===== Extracted entries

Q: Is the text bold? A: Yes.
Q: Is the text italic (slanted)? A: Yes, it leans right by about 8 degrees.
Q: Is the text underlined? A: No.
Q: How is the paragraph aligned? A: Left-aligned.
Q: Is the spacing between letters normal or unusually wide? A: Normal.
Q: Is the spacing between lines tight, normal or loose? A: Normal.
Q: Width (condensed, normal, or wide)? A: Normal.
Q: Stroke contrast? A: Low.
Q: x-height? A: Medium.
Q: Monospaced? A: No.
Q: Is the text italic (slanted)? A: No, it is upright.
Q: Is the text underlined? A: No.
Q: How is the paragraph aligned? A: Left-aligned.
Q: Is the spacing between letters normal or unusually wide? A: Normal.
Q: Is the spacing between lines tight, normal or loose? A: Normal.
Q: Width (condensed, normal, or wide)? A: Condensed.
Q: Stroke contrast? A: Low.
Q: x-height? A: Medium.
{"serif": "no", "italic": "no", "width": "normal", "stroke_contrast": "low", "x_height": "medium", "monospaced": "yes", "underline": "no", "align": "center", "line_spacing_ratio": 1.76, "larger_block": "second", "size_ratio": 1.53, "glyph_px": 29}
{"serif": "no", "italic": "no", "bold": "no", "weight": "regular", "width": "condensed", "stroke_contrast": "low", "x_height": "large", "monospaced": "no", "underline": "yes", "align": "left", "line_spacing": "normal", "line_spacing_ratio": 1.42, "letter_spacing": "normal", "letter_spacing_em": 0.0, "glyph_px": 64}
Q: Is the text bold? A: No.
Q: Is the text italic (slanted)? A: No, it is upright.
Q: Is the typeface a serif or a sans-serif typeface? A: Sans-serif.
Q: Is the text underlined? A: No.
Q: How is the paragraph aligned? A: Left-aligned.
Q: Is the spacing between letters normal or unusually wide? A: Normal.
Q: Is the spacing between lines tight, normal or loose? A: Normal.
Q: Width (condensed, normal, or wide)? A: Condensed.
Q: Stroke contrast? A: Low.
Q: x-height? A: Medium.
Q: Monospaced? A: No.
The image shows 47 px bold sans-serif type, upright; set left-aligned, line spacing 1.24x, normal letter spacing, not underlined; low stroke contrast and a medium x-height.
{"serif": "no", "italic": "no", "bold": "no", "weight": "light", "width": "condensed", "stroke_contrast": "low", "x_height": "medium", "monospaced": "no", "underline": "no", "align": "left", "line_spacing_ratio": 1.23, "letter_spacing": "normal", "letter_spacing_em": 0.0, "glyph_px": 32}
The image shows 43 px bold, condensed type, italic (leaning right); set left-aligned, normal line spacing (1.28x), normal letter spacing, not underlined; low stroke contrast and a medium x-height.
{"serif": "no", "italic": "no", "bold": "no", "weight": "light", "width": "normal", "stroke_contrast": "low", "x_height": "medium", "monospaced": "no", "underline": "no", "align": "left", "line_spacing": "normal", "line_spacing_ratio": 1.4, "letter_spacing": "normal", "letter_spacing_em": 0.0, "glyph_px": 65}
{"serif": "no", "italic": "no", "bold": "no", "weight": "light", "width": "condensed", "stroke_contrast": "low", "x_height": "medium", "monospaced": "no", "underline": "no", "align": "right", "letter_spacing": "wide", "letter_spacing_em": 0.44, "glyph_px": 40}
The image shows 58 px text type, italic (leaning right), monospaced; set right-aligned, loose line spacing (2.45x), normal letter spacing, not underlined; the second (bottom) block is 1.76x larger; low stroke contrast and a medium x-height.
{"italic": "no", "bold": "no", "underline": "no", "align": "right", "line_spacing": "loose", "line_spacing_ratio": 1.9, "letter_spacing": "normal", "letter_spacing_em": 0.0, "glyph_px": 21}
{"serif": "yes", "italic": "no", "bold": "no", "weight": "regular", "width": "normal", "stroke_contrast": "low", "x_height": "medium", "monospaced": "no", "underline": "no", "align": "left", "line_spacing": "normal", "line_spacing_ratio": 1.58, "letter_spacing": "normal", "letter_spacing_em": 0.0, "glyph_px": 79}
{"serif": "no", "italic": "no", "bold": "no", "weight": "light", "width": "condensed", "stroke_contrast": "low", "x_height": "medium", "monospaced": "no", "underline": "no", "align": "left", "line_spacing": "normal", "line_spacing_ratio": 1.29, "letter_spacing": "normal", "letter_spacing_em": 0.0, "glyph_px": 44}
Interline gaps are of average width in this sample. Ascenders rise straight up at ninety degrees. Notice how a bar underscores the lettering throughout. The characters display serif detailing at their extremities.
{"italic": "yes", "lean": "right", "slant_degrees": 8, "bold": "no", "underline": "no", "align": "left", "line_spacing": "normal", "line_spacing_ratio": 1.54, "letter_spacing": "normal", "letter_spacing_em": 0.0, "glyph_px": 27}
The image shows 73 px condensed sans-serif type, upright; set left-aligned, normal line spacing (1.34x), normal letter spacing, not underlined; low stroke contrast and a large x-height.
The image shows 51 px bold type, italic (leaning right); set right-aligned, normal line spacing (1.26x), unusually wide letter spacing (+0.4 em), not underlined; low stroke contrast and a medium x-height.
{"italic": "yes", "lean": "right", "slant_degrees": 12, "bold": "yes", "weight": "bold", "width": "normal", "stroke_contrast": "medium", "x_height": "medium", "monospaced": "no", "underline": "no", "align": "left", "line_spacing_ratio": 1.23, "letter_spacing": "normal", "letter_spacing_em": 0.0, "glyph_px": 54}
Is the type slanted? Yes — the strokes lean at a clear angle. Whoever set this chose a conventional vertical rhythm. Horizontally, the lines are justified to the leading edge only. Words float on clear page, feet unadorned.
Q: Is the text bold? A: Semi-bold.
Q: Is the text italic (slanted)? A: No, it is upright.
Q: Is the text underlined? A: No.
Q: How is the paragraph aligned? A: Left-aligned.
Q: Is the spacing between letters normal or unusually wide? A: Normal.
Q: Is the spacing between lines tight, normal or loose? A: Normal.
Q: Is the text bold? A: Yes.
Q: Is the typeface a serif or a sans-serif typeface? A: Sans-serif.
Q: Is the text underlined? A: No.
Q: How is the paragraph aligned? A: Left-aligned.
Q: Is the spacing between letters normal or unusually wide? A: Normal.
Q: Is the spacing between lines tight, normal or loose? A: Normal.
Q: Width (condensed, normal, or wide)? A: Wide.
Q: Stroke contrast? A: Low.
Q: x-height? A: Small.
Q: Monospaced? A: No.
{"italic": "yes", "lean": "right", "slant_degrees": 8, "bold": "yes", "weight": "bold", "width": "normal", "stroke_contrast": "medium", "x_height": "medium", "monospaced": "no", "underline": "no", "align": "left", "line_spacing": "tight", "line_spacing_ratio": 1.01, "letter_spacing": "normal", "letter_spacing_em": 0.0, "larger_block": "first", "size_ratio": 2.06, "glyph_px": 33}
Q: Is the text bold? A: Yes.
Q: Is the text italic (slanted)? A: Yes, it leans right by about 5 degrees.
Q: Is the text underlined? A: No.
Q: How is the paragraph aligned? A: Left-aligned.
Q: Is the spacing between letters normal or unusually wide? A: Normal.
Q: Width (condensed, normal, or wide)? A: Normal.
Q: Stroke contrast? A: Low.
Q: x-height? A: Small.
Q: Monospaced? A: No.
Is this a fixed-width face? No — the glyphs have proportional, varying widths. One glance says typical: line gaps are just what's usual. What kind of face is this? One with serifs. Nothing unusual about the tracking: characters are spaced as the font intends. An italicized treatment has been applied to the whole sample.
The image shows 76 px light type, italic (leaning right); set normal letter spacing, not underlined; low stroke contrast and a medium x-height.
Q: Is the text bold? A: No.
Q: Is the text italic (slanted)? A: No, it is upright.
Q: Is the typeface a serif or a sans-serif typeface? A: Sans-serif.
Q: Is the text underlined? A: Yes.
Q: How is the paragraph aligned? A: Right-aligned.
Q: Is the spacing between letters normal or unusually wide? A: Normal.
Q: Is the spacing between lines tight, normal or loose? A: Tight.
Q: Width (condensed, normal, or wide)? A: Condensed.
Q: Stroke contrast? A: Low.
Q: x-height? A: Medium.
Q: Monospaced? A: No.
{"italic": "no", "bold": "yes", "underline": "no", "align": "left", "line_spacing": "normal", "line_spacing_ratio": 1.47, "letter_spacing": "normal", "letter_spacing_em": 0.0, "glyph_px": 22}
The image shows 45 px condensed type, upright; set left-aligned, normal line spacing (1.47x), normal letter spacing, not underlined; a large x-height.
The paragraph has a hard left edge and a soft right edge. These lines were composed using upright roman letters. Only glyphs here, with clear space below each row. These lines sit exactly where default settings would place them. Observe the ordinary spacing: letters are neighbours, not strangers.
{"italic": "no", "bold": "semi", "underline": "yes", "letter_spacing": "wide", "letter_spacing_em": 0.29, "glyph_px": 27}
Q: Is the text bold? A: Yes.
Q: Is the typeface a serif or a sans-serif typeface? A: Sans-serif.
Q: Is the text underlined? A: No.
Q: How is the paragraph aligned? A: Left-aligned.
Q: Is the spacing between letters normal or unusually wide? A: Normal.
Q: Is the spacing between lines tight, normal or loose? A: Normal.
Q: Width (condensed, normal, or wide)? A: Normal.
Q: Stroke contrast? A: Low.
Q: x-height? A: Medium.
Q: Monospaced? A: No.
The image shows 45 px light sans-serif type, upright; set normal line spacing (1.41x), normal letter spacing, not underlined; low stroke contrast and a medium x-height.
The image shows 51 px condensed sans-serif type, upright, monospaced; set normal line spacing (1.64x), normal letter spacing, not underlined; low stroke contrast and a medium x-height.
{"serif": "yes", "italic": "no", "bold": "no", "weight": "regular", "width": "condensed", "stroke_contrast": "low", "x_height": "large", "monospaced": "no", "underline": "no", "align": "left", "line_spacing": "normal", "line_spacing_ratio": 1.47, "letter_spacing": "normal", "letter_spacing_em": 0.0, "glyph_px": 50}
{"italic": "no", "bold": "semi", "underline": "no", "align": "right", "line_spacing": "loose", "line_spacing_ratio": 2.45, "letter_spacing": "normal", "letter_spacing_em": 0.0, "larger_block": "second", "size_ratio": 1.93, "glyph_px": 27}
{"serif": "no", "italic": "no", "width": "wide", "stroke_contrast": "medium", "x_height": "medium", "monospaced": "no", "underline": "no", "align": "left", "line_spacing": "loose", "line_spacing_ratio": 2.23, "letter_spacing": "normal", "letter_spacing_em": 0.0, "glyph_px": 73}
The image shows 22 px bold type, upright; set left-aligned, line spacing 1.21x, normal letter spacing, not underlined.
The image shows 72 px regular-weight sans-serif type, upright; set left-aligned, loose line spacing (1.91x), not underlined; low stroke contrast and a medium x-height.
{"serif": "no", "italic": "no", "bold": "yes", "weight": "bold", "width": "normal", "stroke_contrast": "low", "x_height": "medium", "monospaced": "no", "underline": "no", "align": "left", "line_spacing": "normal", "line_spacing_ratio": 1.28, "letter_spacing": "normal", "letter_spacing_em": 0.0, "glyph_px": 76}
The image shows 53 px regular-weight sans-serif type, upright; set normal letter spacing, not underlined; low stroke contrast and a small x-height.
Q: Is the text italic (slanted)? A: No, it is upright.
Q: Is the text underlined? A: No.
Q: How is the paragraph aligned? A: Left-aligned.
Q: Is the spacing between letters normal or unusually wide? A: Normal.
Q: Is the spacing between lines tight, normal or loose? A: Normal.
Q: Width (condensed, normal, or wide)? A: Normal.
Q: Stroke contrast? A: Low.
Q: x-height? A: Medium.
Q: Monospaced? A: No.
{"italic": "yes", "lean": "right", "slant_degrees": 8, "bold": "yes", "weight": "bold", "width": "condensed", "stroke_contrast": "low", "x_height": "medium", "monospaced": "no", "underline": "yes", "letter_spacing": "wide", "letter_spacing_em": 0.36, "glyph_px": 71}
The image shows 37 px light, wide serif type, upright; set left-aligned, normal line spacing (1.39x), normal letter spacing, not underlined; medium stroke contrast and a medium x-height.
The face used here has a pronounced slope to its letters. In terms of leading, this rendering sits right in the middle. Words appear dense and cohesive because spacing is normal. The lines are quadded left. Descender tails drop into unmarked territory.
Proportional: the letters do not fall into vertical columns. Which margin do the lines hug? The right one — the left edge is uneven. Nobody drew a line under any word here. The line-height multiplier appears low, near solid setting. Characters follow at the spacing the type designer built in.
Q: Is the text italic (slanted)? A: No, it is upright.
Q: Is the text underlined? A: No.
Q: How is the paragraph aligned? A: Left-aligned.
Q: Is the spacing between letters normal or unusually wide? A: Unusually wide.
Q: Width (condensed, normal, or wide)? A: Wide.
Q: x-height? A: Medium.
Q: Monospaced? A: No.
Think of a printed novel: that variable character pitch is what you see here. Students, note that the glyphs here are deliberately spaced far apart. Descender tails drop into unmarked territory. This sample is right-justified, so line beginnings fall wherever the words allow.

==========

Problem description: Find how many lines in the entries above use the word "Descender". Write the number alone.

Answer to the exercise: 2